Lors de leur visite, les membres du comité se sont également rendus aux «cendriates». Chose promise, chose due, les mines ont effectivement été fermées, tel que décidé par le Chef du gouvernement, Saâdeddine El Othmani. Pourtant, cela ne palie pas la situation de «survie» où se trouve la population, nous fait remarquer Abdeslam Laâziz :

«Ce n’est pas une solution. Je suis conscient qu’il y a des choses à y développer. Le gouvernement a fait des propositions, il y en a qui sont d’accord là-dessus et d’autres pas, mais le problème qui se pose aujourd’hui est celui de la confiance. Beaucoup parmi la population redoutent que l’exécutif n’aille pas au bout de ses projets de développement.»
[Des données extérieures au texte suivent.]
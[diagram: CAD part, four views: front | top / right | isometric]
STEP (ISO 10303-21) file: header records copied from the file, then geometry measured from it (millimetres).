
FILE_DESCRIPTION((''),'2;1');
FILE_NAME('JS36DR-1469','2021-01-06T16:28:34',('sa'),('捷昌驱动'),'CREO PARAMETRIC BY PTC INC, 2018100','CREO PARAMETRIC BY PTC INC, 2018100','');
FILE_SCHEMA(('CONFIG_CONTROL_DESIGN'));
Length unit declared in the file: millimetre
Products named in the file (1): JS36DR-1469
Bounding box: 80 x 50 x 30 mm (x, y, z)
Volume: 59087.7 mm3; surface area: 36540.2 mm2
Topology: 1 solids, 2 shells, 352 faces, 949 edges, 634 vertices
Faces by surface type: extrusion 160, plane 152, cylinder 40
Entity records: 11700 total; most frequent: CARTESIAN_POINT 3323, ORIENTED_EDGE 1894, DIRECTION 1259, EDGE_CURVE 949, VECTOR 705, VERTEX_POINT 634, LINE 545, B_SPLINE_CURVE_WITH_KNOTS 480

Notre interlocuteur souligne que la création de coopératives peut constituer une piste pour les ex-ouvrier des puits de charbon :

«C’est l’une de leurs revendications, justement, mais ils ont des difficultés à se lancer, tant qu’ils ne sont pas aidés. Il faut que l’Etat intervienne financièrement, pour leur fournir une assistance technique et commerciale, proposer des avances sur les fournitures nécessaires au lancement de leurs coopératives. C’est l’une des solutions possibles, mais ces jeunes n’ont pas entièrement confiance, car ils ont peur d’être lâchés par les décideurs.»

L’après-14 mars

A Oujda, les membres du comité de soutien se sont rendu, par ailleurs, à l’hôpital où est soigné l’adolescent renversé par un véhicule de police, lors des affrontements du 14 mars. Abdeslam Laâziz nous indique que l’état du jeune est stationnaire, mais il doit être encore surveillé : «Il a été opéré et il a un problème au niveau de ses membres inférieurs. Il n’arrive pas à faire bouger ses jambes. Sa famille est inquiète car il pourrait passer encore du temps à l’hôpital.»
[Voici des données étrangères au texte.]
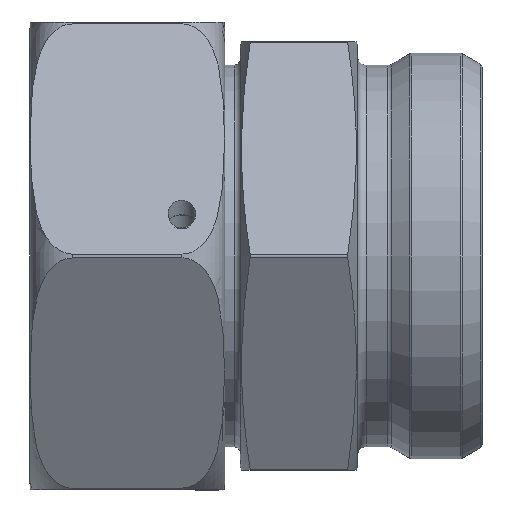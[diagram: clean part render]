
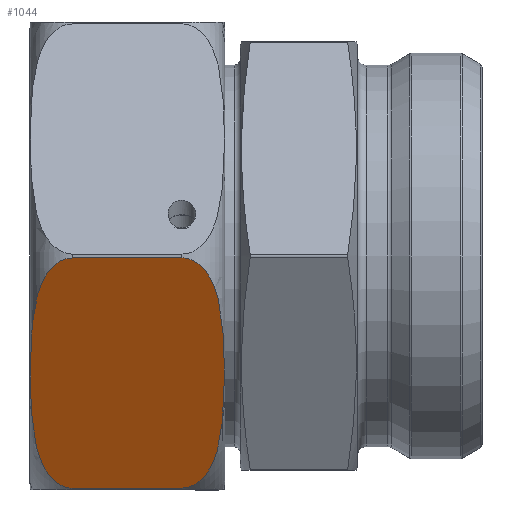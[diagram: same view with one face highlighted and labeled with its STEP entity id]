
A CAD part, front view. The second image highlights one B-rep face of the part: STEP entity #1044.
In plain terms, the highlighted face is planar.
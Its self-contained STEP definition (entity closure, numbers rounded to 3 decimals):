
#807=PLANE('',#5128);
#1044=ADVANCED_FACE('',(#1285),#807,.F.);
#1285=FACE_OUTER_BOUND('',#1600,.T.);
#1600=EDGE_LOOP('',(#2610,#2611,#2612,#2613));
#1998=B_SPLINE_CURVE_WITH_KNOTS('',3,(#7621,#7622,#7623,#7624,#7625,#7626,
#7627,#7628,#7629,#7630,#7631,#7632,#7633,#7634,#7635,#7636,#7637,#7638),
 .UNSPECIFIED.,.F.,.F.,(4,2,2,2,2,2,2,2,4),(0.,0.063,0.125,0.25,0.5,0.75,
0.875,0.938,1.),.UNSPECIFIED.);
#2004=B_SPLINE_CURVE_WITH_KNOTS('',3,(#7784,#7785,#7786,#7787,#7788,#7789,
#7790,#7791,#7792,#7793,#7794,#7795,#7796,#7797,#7798,#7799,#7800,#7801),
 .UNSPECIFIED.,.F.,.F.,(4,2,2,2,2,2,2,2,4),(0.,0.063,0.125,0.25,0.5,0.75,
0.875,0.938,1.),.UNSPECIFIED.);
#2610=ORIENTED_EDGE('',*,*,#4203,.T.);
#2611=ORIENTED_EDGE('',*,*,#4188,.T.);
#2612=ORIENTED_EDGE('',*,*,#4200,.T.);
#2613=ORIENTED_EDGE('',*,*,#4218,.T.);
#3728=VERTEX_POINT('',#7639);
#3729=VERTEX_POINT('',#7640);
#3740=VERTEX_POINT('',#7749);
#3742=VERTEX_POINT('',#7755);
#4188=EDGE_CURVE('',#3728,#3729,#1998,.T.);
#4200=EDGE_CURVE('',#3729,#3740,#4599,.T.);
#4203=EDGE_CURVE('',#3742,#3728,#4601,.T.);
#4218=EDGE_CURVE('',#3740,#3742,#2004,.T.);
#4599=LINE('',#7748,#4793);
#4601=LINE('',#7754,#4795);
#4793=VECTOR('',#5517,1.);
#4795=VECTOR('',#5523,1.);
#5128=AXIS2_PLACEMENT_3D('',#7942,#5601,#5602);
#5517=DIRECTION('',(1.,0.,0.));
#5523=DIRECTION('',(-1.,0.,0.));
#5601=DIRECTION('',(0.,1.,0.));
#5602=DIRECTION('',(0.,0.,1.));
#7621=CARTESIAN_POINT('',(5.5,-30.,17.037));
#7622=CARTESIAN_POINT('',(4.694,-30.,17.037));
#7623=CARTESIAN_POINT('',(3.916,-30.,16.65));
#7624=CARTESIAN_POINT('',(2.718,-30.,15.555));
#7625=CARTESIAN_POINT('',(2.27,-30.,14.87));
#7626=CARTESIAN_POINT('',(1.195,-30.,12.699));
#7627=CARTESIAN_POINT('',(0.832,-30.,11.117));
#7628=CARTESIAN_POINT('',(0.106,-30.,6.363));
#7629=CARTESIAN_POINT('',(0.091,-30.,3.149));
#7630=CARTESIAN_POINT('',(0.092,-30.,-3.229));
#7631=CARTESIAN_POINT('',(0.109,-30.,-6.417));
#7632=CARTESIAN_POINT('',(0.839,-30.,-11.15));
#7633=CARTESIAN_POINT('',(1.206,-30.,-12.733));
#7634=CARTESIAN_POINT('',(2.285,-30.,-14.894));
#7635=CARTESIAN_POINT('',(2.736,-30.,-15.575));
#7636=CARTESIAN_POINT('',(3.923,-30.,-16.653));
#7637=CARTESIAN_POINT('',(4.7,-30.,-17.037));
#7638=CARTESIAN_POINT('',(5.5,-30.,-17.037));
#7639=CARTESIAN_POINT('',(5.5,-30.,17.037));
#7640=CARTESIAN_POINT('',(5.5,-30.,-17.037));
#7748=CARTESIAN_POINT('',(0.,-30.,-17.037));
#7749=CARTESIAN_POINT('',(19.5,-30.,-17.037));
#7754=CARTESIAN_POINT('',(0.,-30.,17.037));
#7755=CARTESIAN_POINT('',(19.5,-30.,17.037));
#7784=CARTESIAN_POINT('',(19.5,-30.,-17.037));
#7785=CARTESIAN_POINT('',(20.306,-30.,-17.037));
#7786=CARTESIAN_POINT('',(21.084,-30.,-16.65));
#7787=CARTESIAN_POINT('',(22.282,-30.,-15.555));
#7788=CARTESIAN_POINT('',(22.73,-30.,-14.87));
#7789=CARTESIAN_POINT('',(23.805,-30.,-12.699));
#7790=CARTESIAN_POINT('',(24.168,-30.,-11.117));
#7791=CARTESIAN_POINT('',(24.894,-30.,-6.363));
#7792=CARTESIAN_POINT('',(24.909,-30.,-3.149));
#7793=CARTESIAN_POINT('',(24.908,-30.,3.229));
#7794=CARTESIAN_POINT('',(24.891,-30.,6.417));
#7795=CARTESIAN_POINT('',(24.161,-30.,11.15));
#7796=CARTESIAN_POINT('',(23.794,-30.,12.733));
#7797=CARTESIAN_POINT('',(22.715,-30.,14.894));
#7798=CARTESIAN_POINT('',(22.264,-30.,15.575));
#7799=CARTESIAN_POINT('',(21.077,-30.,16.653));
#7800=CARTESIAN_POINT('',(20.3,-30.,17.037));
#7801=CARTESIAN_POINT('',(19.5,-30.,17.037));
#7942=CARTESIAN_POINT('',(25.,-30.,17.321));

Mardi lors de la visite du comité, celui-ci a également tenu un sit-in qui a rassemblé les militants de la région, rapporte encore Laâziz :

«Nous avons assisté à une partie des audiences dans le cadre du procès des jeunes du Hirak. Nous avons rencontré quelques parents de détenus et nous nous sommes réunis avec nos militants à Jerada, qui publieront un rapport sur la situation actuelle et nous le feront parvenir.»

A la crise politique dans la région s’ajoute ainsi la crise de confiance. Abdeslam Laâziz nous fait part de la nécessité de rétablir ces liens entre acteurs politiques et civils à Jerada :

«Le dialogue doit continuer. Les détenus du Hirak doivent être libérés. Les manifestations ne se tiennent plus à Jerada avec la même ampleur des premières semaines, mais chaque soir, des rassemblements ont lieu dans tous les quartiers de la ville.»

De la guerre des mots

C’est à l’occasion de l’intervention du Wali de l’Oriental à la Chambre des représentants qu’ont été notamment évoquées les contestations sociales et économiques, au rythme desquelles Jerada vit depuis décembre 2017.

Dans ce sens, le ministre de l’Intérieur, Abdelouafi Laftit, a accusé de récupération l’association Al Adl Wal Ihsane (AWI) et deux organisations membres du comité de soutien au Hirak (le parti de la Voie démocratique et l’Association marocaine des droits humains – AMDH).

Revenant sur cette confrontation verbale, Abdeslam Laâziz nous rappelle quelques principes de son adhésion au comité de soutien :

«La position des partis de la Fédération de la gauche démocratique ne date pas d’hier et n’est pas liée au Hirak de Jerada. Dans notre plate-forme politique, nous considérons qu’il n’y a pas à travailler avec AWI. C’est notre position.»

Pour le militant, «il existe une situation sociale qui pousse les gens, toutes tendances confondues, à manifester. Mais cela ne veut pas dire que ce sont eux qui contrôlent le Hirak. C’est la situation sociale et économique de Jerada qui a poussé les gens à manifester et non pas les manœuvres de uns ou des autres».